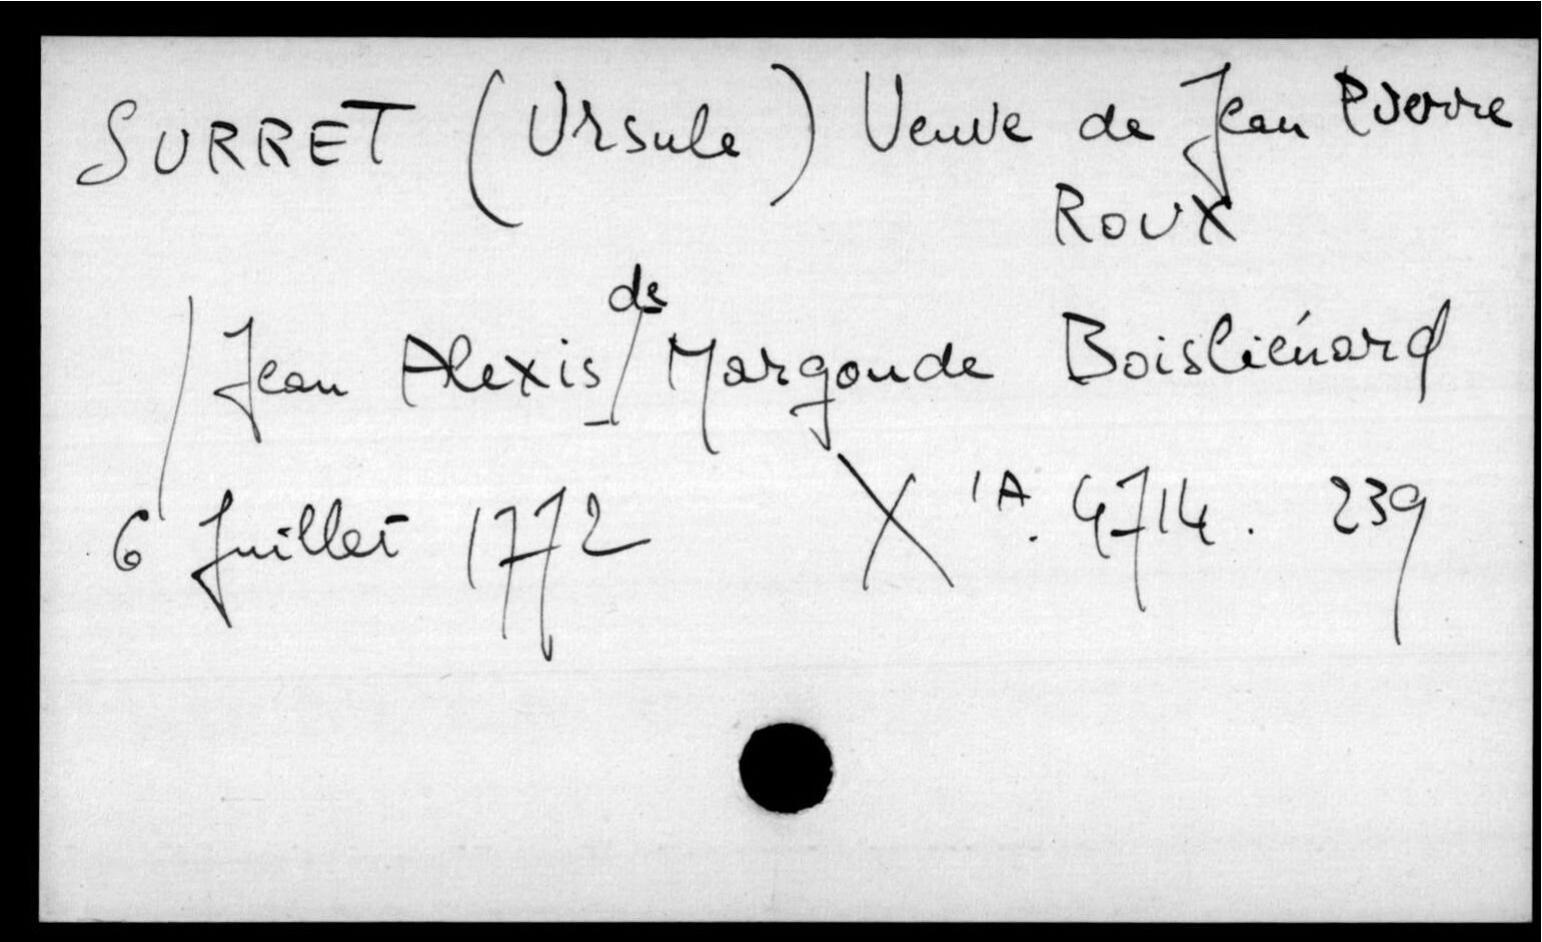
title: SURRET (Ursule) Veuve de Jean Pierre ROUX
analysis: contre Jean Alexis de Margoude Boisliénard
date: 6 juillet 1772
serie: X1A
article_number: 4714
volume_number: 239

**WHAT YOU HAVE TO DO**
Restate the material above word for word; pictures do not belong in the copy.

**WRITTEN RESPONSE**
title: SURRET (Ursule) Veuve de Jean Pierre ROUX
analysis: contre Jean Alexis de Margoude Boisliénard
date: 6 juillet 1772
serie: X1A
article_number: 4714
volume_number: 239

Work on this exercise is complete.